§ **Your instructions**
Leave the pictures out and restate each entry below word for word.
== Segment start ==
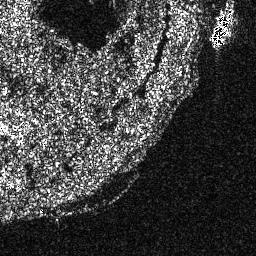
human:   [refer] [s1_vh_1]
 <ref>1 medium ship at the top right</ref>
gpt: <box>[[81, 1, 91, 17, 0]]</box>
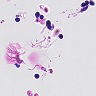
Metastatic tissue present: no
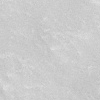
Atmospheric dust classification: not_dusty
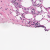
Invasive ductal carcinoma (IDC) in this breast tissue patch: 0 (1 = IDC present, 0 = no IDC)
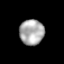
Tissue: lung
Cell type: Others
Senescence score: 0.2295
Nuclear area (px): 610
Mean DAPI intensity: 171.569
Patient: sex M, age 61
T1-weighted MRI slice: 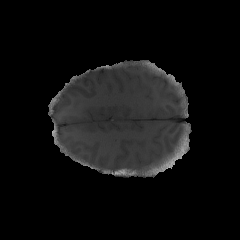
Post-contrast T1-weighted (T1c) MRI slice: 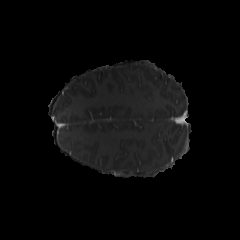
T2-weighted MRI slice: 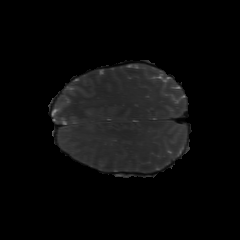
== Segment end ==
§ **Reply**
human:   [refer] [s1_vh_1]
 <ref>1 medium ship at the top right</ref>
gpt: <box>[[81, 1, 91, 17, 0]]</box>
Metastatic tissue present: no
Atmospheric dust classification: not_dusty
Invasive ductal carcinoma (IDC) in this breast tissue patch: 0 (1 = IDC present, 0 = no IDC)
Tissue: lung
Cell type: Others
Senescence score: 0.2295
Nuclear area (px): 610
Mean DAPI intensity: 171.569
Patient: sex M, age 61
T1-weighted MRI slice: 
Post-contrast T1-weighted (T1c) MRI slice: 
T2-weighted MRI slice: 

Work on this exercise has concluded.